Strasbourg, 09/04/2002 (Agence Europe) - C'est une première pour le Parlement européen, a déclaré d'emblée le Président Cox lors de la plénière de mardi après-midi à Strasbourg: un ministre de la Défense participe à un débat sur la politique de sécurité commune et de défense de l'UE. C'est le ministre espagnol Federico Trillo-Figueroa, qui, après avoir rappelé les antécedents et les principes qui gouvernent cette politique (notamment les principes de la subsidiarité, au sein de l'Union, et de la complémentarité, au sein de l'OTAN), a affirmé: "davantage d'Europe" veut dire aussi "davantage de sécurité et défense commune". Ceci est, pour lui, une nécessité existentielle (mais dans le respect des structures nationales existantes).
Quant aux objectifs de la Présidence espagnole, ils peuvent être ainsi synthétisés: (a) les objectifs opérationnels. Il s'agit en premier lieu de combler les lacunes qui entravent la mise en œuvre de la déclaration d'opérationnalité de Laeken: dix-sept groupes de travail s'en occupent actuellement. Quant à la transparence par rapport à l'Alliance atlantique, des rencontres ont eu lieu avec les experts de l'OTAN, a rappelé M. Trillo. En matière de prévention et gestion des crises, il faut dire clairement que des solutions au cas par cas ne suffisent pas, a-t-il ajouté; (b) les objectifs institutionnels. Faut-il formaliser un Conseil de la défense? Il ne s'agit pas de supplanter le Conseil Affaires générales, mais de "faire notre travail", a dit M.Trillo, en saluant l'initiative de tenir une première réunion de ce genre, sous l'égide du Conseil Affaires générales, en mai à Bruxelles; (c) la création d'une véritable industrie européenne des armements. Cette industrie doit être au service de la PESD, et pas le contraire, et doit répondre aux principes d'une coopération de volontaire et de la transparence; (d) la sensibilisation de l'opinion publique à l'importance de missions de prévention des crises et de la lutte contre le terrorisme. Après le ll septembre, a conclu M.Trillo, il est de plus en plus important de savoir quel est le droit qui s'applique dans les situations de crise, notamment en ce qui concerne les droits de l'homme. En outre, il faut que l'Union en tant que telle ait la capacité de se défendre contre des armes de destruction massive ou des armes chimiques et biologiques.
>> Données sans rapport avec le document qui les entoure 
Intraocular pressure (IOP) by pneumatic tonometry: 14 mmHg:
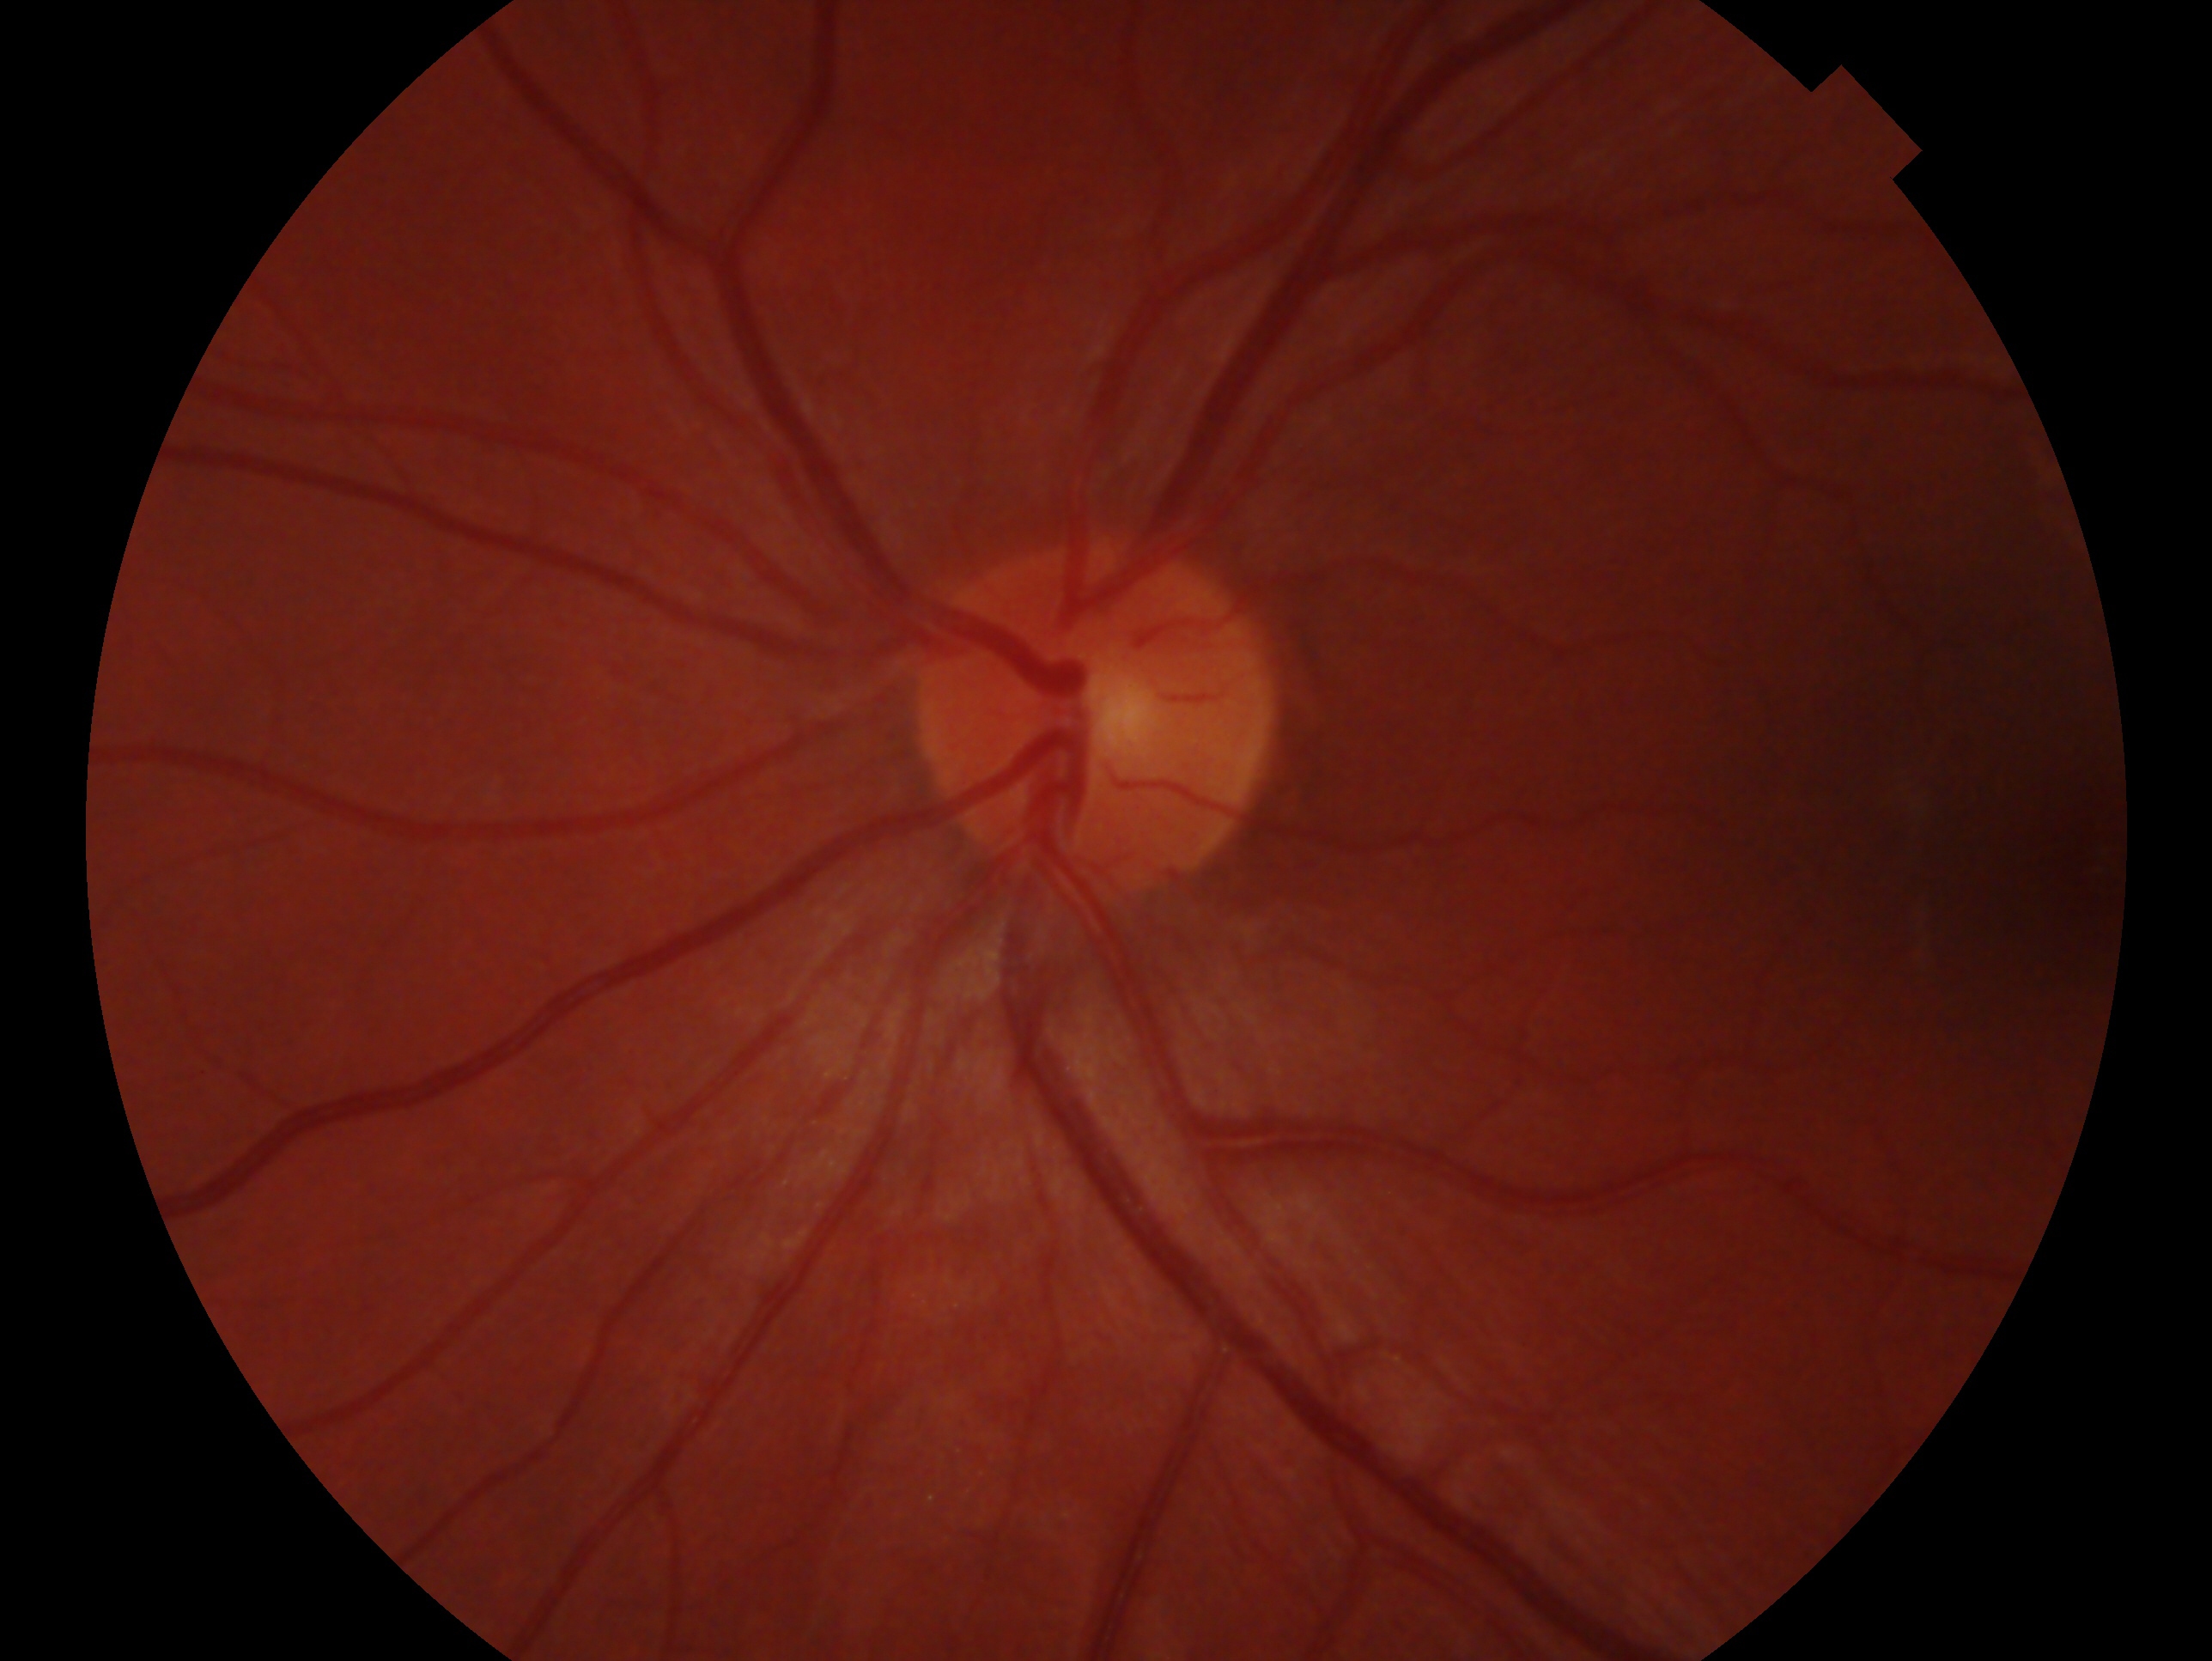

Imaged eye: oculus sinister.
Glaucoma assessment: no evidence of glaucoma.

La sécurité et la défense ne sont pas une affaire intergouvernementale, mais une "affaire hybride", a affirmé le président de la commission des affaires étrangères, Elmar Brok (CDU): si l'Union est en mesure d'avoir une monnaie commune, pourquoi ne pourrait-elle avoir une défense commune? Et aussi une politique commune des armements, en mettant fin à de trop grandes disparités de développement industriel. Et la Commission européenne, dans tout ça? Elle n'a pas un rôle direct dans les aspects militaires de la politique de sécurité, mais elle est étroitement impliquée dans cette politique dans son ensemble, a rappelé Chris Patten, en ajoutant: et c'est ainsi que doivent être les choses. D'autre part, la Commission est prête à utiliser le potentiel du traité pour créer une industrie des armements forte et viable (M. Patten s'est félicité de l'initiative "Star 21", à laquelle participent aussi deux membres du Parlement européen, M.von Wogau et M.Westendorp). M. Patten conclut: il faut améliorer la capacité d'intervention de l'Union en cas de crise, mais sans créer des structures parallèles, et sans oublier qu'on navigue ici dans des eaux très périlleuses. Le président Bush vient de demander une augmentation de l4 % du budget de la défense: quel membre du Parlement européen pense-t-il qu'il pourrait être élu en demandant quelque chose de semblable ? Le général Morillon (EUROPE reviendra sur son intervention) a répliqué: personnellement, je demanderais que des crédits plus importants soient consacrés à la défense.
Le Commissaire Erkki Liikanen a fait le point sur le plan d'action pour l'élaboration d'une politique européenne d'armement: des progrès sont constatés en ce qui concerne onze - sur quatorze - actions, et une révision et mise à jour du plan est prévue. La Commission fera rapport en juillet.